Im Jahr 2012 beginnt die Saison wie üblich im Mai. An zehn Abenden sind Steherrennen geplant, zusätzlich die Europameisterschaft Ende August. Drei Mal messen Militärvelofahrer ihre Kräfte. Der Trabi- und Topolino-Club kommt zur Rennbahn, Ende Juli dröhnen die Motoren historischer Rennfahrzeuge über die Piste, und am 7. August gibt es sogar ein Harley-Davidson-Treffen. Radballer und Kunstradfahrer, Inline-Skater und die Bike Police der Stadtpolizei Zürich werden auftreten. Genaueres kann man der Seite rennbahn-oerlikon.ch entnehmen. In einem Pavillon wird es sogar eine Ausstellung geben.

 

Auf dem Podium saßen Christian Rocha, der Trainer des Schweizer Damen-Straßenteams, Verleger Peter Schnyder und drei der sieben Männer, die durch die Gründung der Interessengemeinschaft Offene Rennbahn (IGOR) die Oerlikoner Anlage vor über neun Jahren retteten: Alois Iten, Werner Kraus, Jürgen E. Vogel.



Die Geschichte

Die Rennbahn war mehrmals vom Abbruch bedroht und musste in den vergangenen 100 Jahren des öfteren gerettet werden: ein kleines Wunder, dass sie noch dasteht.
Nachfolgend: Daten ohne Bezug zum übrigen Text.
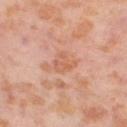Recorded during total-body skin imaging; not selected for excision or biopsy. A female subject, approximately 55 years of age. A lesion tile, about 15 mm wide, cut from a 3D total-body photograph. From the right thigh. Approximately 3 mm at its widest. The total-body-photography lesion software estimated a lesion area of about 5.5 mm², a shape eccentricity near 0.4, and a shape-asymmetry score of about 0.35 (0 = symmetric). The software also gave a lesion-to-skin contrast of about 5 (normalized; higher = more distinct). It also reported a border-irregularity rating of about 3.5/10, internal color variation of about 3.5 on a 0–10 scale, and radial color variation of about 1.5. And it measured a classifier nevus-likeness of about 0/100.
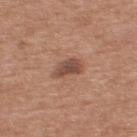A roughly 15 mm field-of-view crop from a total-body skin photograph.
An algorithmic analysis of the crop reported an average lesion color of about L≈48 a*≈21 b*≈27 (CIELAB). And it measured a border-irregularity index near 3/10, internal color variation of about 3 on a 0–10 scale, and a peripheral color-asymmetry measure near 1. The analysis additionally found a nevus-likeness score of about 65/100 and a lesion-detection confidence of about 100/100.
This is a white-light tile.
About 3.5 mm across.
From the upper back.
A male patient approximately 55 years of age.
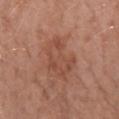Recorded during total-body skin imaging; not selected for excision or biopsy. Captured under white-light illumination. An algorithmic analysis of the crop reported a lesion area of about 14 mm² and a symmetry-axis asymmetry near 0.4. And it measured an average lesion color of about L≈49 a*≈23 b*≈29 (CIELAB) and a lesion–skin lightness drop of about 7. It also reported a border-irregularity index near 4.5/10, internal color variation of about 3 on a 0–10 scale, and peripheral color asymmetry of about 1. The lesion's longest dimension is about 5 mm. The subject is a female approximately 70 years of age. From the arm. A close-up tile cropped from a whole-body skin photograph, about 15 mm across.
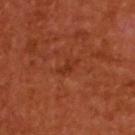An algorithmic analysis of the crop reported an area of roughly 3 mm² and a symmetry-axis asymmetry near 0.4. The software also gave a border-irregularity index near 4.5/10 and a color-variation rating of about 0.5/10. The patient is a female approximately 55 years of age. This image is a 15 mm lesion crop taken from a total-body photograph. Imaged with cross-polarized lighting. The lesion is on the upper back.
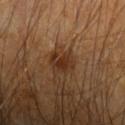Notes:
– workup · no biopsy performed (imaged during a skin exam)
– diameter · ~3 mm (longest diameter)
– subject · male, aged around 60
– site · the left forearm
– image source · 15 mm crop, total-body photography
– automated metrics · a lesion color around L≈29 a*≈18 b*≈28 in CIELAB and a lesion-to-skin contrast of about 8.5 (normalized; higher = more distinct); a border-irregularity index near 3.5/10 and peripheral color asymmetry of about 1; an automated nevus-likeness rating near 50 out of 100 and lesion-presence confidence of about 100/100
– illumination · cross-polarized
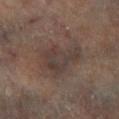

Der alte Oerlikoner Peter Schellenberg


>>> historische Fotos der Bahn

Nach der Einplanierung der Rennbahn Hardau baute man für 300.000 Franken Oerlikon, und der Chef der Tram Zürich-Oerlikon-Seebach unterstützte das Projekt, auf mehr Fahrgäste hoffend. Peter Schellenberg, ein pensionierter Fernseh-Redakteur, saß an meinem Tisch und sagte: „Ich bin ein alter Oerlikoner. 1912 war Oerlikon noch ein Dorf, erst 1934 wurde es als letzter Ort von Zürich eingemeindet. Die Züricher haben immer auf die Oerlikoner herabgesehen, die waren für sie Radfahrer und Dörfler. Später haben die Lehrer gegen die Sechstagerennen Stimmung gemacht.“

 

Nach großen Rennen und dem Krieg kaufte ein Profiringer die marode Bahn. Nach ersten Weltmeisterschaften kam der Zweite Weltkrieg, und die Rennen fielen aus. Immerhin war Ende 1939 gegenüber das Hallenstadion entstanden (übrigens mit einem schönen 250-Meter-Holzoval, das nach über 60 Jahren herausgerissen wurde), deren AG die Rennbahn mietete. 1942 kaufte sie ein Immobilienhändler, im Jahr darauf ein Drucker aus dem Aargau, der Verluste anhäufte. 1951 erwarb die Stadt Zürich die Bahn für eine knappe Million.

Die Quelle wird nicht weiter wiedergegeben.